Copy out each line of the data that includes the string "left".
** Opening Data records block **
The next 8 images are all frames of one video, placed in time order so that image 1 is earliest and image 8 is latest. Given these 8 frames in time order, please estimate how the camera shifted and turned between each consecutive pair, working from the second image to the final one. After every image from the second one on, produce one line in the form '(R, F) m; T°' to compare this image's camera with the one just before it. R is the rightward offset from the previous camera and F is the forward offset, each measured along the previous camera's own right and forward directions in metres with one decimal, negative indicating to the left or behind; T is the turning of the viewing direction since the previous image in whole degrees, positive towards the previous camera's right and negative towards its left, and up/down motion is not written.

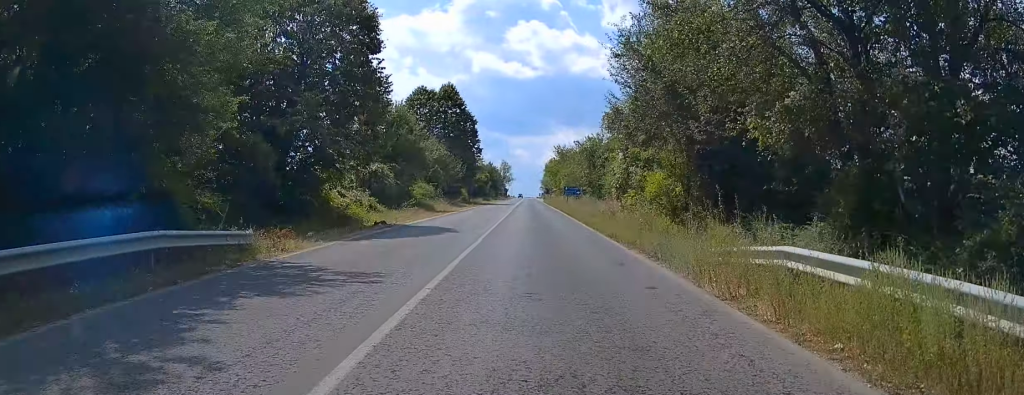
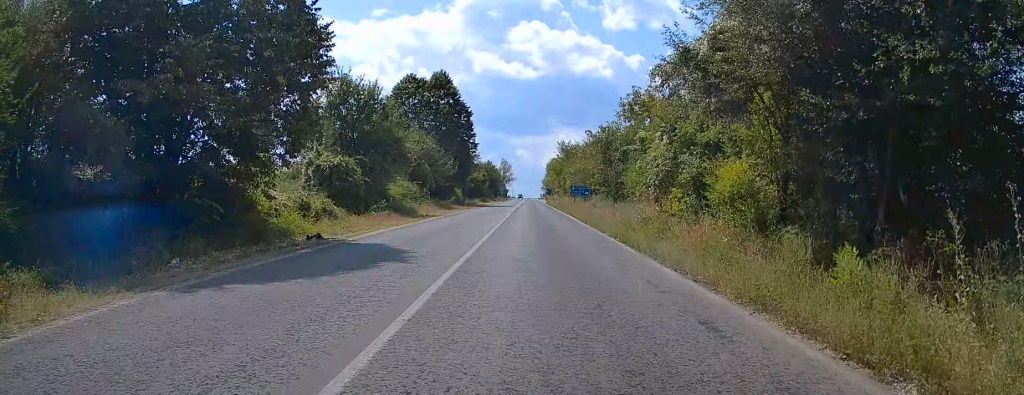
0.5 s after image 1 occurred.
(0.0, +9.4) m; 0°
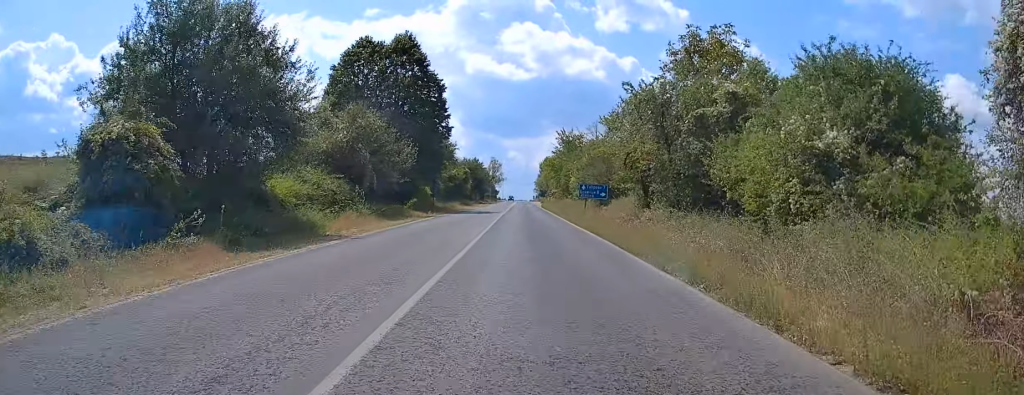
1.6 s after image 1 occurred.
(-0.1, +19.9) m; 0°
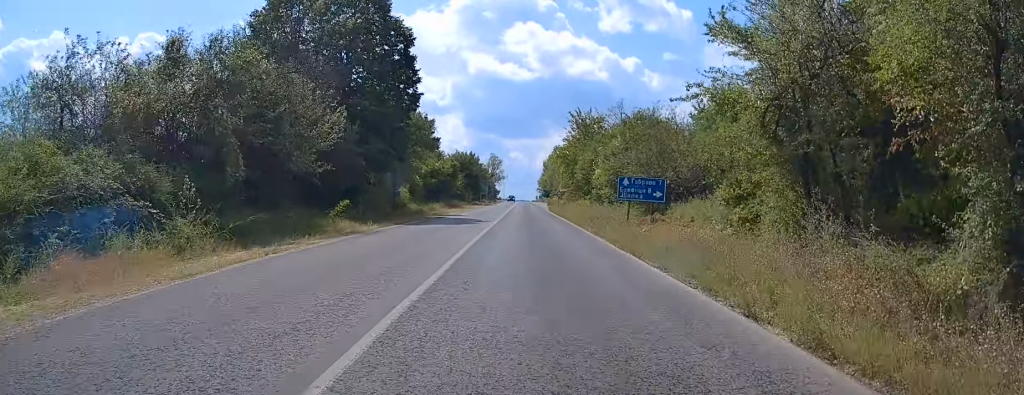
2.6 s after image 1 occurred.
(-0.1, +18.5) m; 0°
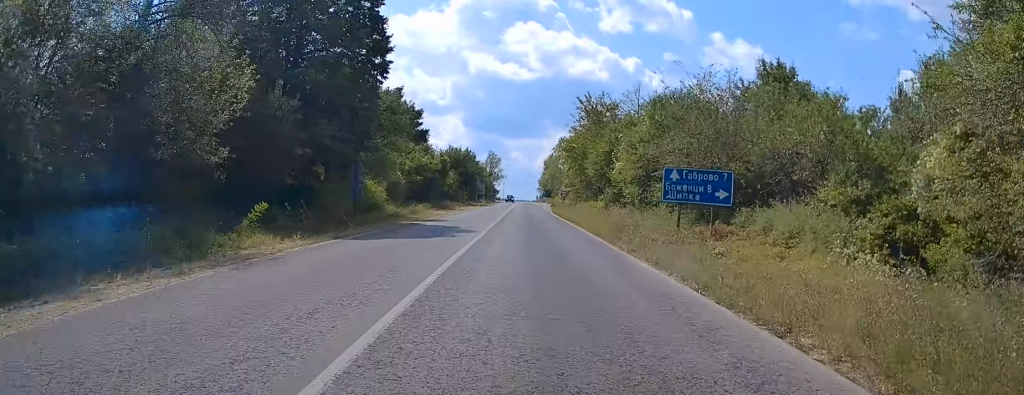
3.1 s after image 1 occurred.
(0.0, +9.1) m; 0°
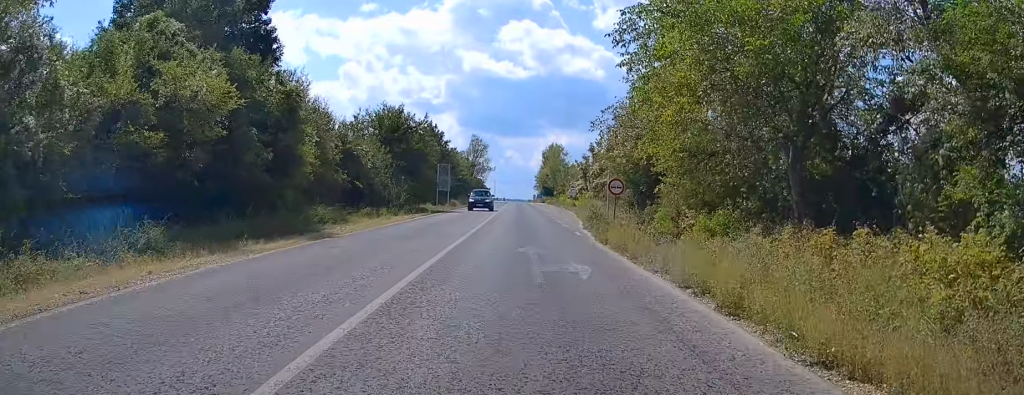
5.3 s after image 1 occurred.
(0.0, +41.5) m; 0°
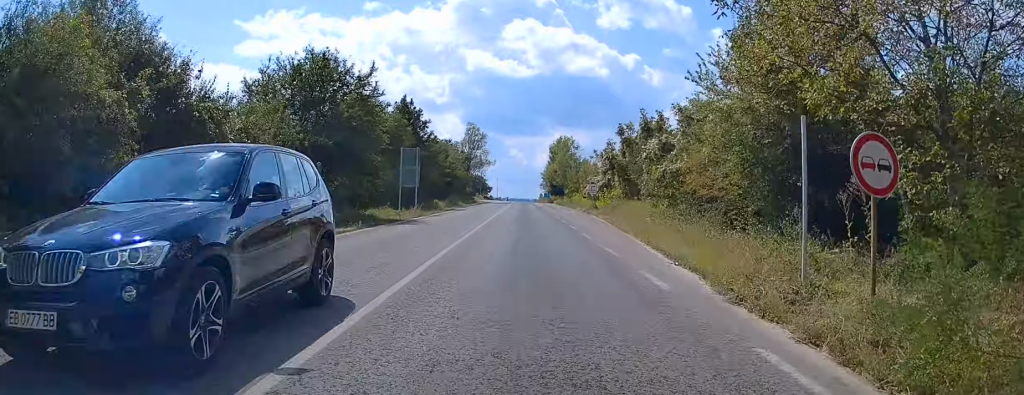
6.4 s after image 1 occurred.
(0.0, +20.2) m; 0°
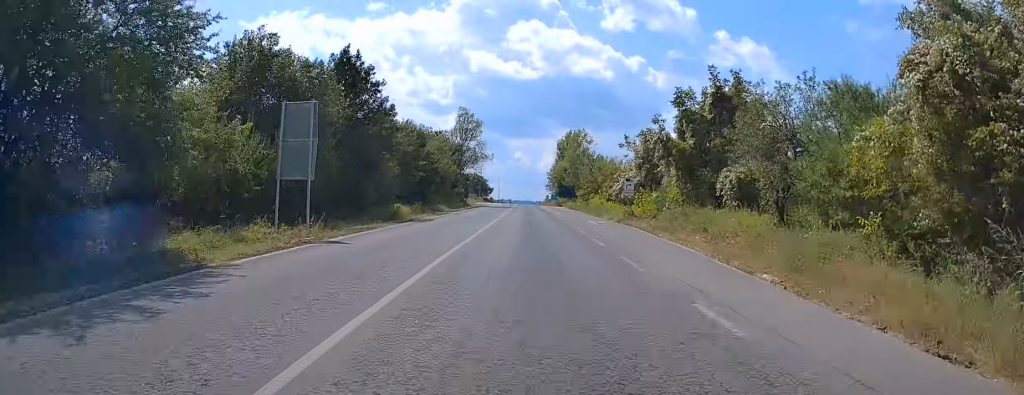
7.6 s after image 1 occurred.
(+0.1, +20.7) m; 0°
** Closing Data records block **
** Opening Data records block **
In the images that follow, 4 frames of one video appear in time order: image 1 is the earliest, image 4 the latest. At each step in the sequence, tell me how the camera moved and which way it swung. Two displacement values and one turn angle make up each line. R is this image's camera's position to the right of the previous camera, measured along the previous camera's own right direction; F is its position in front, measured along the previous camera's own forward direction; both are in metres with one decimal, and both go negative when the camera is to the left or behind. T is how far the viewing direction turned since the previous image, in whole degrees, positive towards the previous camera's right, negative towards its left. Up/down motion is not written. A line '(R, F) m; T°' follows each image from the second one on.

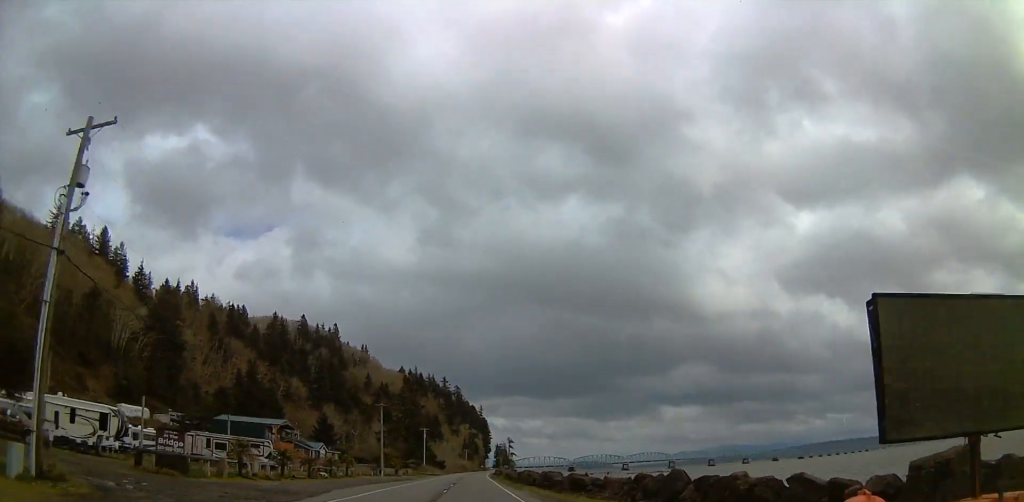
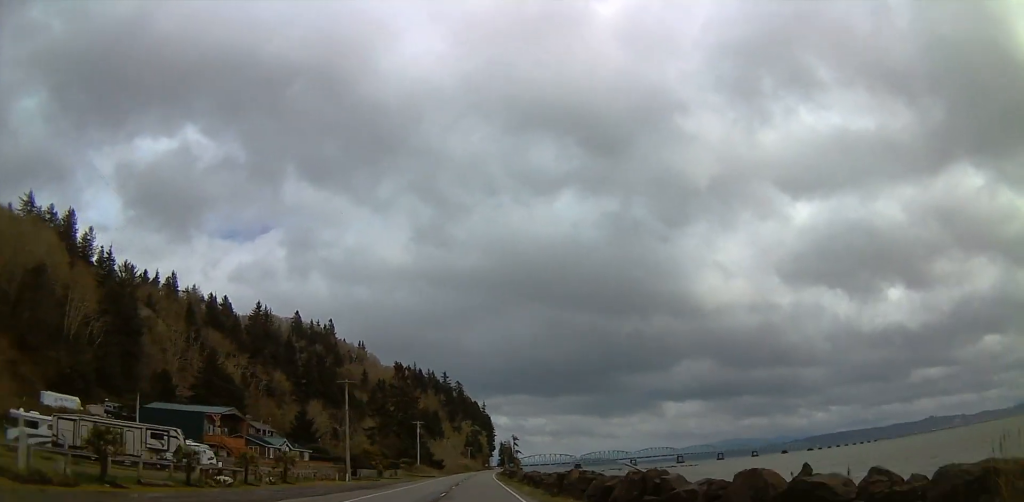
** Closing Data records block **
**Task result:**
The next 8 images are all frames of one video, placed in time order so that image 1 is earliest and image 8 is latest. Given these 8 frames in time order, please estimate how the camera shifted and turned between each consecutive pair, working from the second image to the final one. After every image from the second one on, produce one line in the form '(R, F) m; T°' to compare this image's camera with the one just before it. R is the rightward offset from the previous camera and F is the forward offset, each measured along the previous camera's own right and forward directions in metres with one decimal, negative indicating to the left or behind; T is the turning of the viewing direction since the previous image in whole degrees, positive towards the previous camera's right and negative towards its left, and up/down motion is not written.
In the images that follow, 4 frames of one video appear in time order: image 1 is the earliest, image 4 the latest. At each step in the sequence, tell me how the camera moved and which way it swung. Two displacement values and one turn angle make up each line. R is this image's camera's position to the right of the previous camera, measured along the previous camera's own right direction; F is its position in front, measured along the previous camera's own forward direction; both are in metres with one decimal, and both go negative when the camera is to the left or behind. T is how far the viewing direction turned since the previous image, in whole degrees, positive towards the previous camera's right, negative towards its left. Up/down motion is not written. A line '(R, F) m; T°' follows each image from the second one on.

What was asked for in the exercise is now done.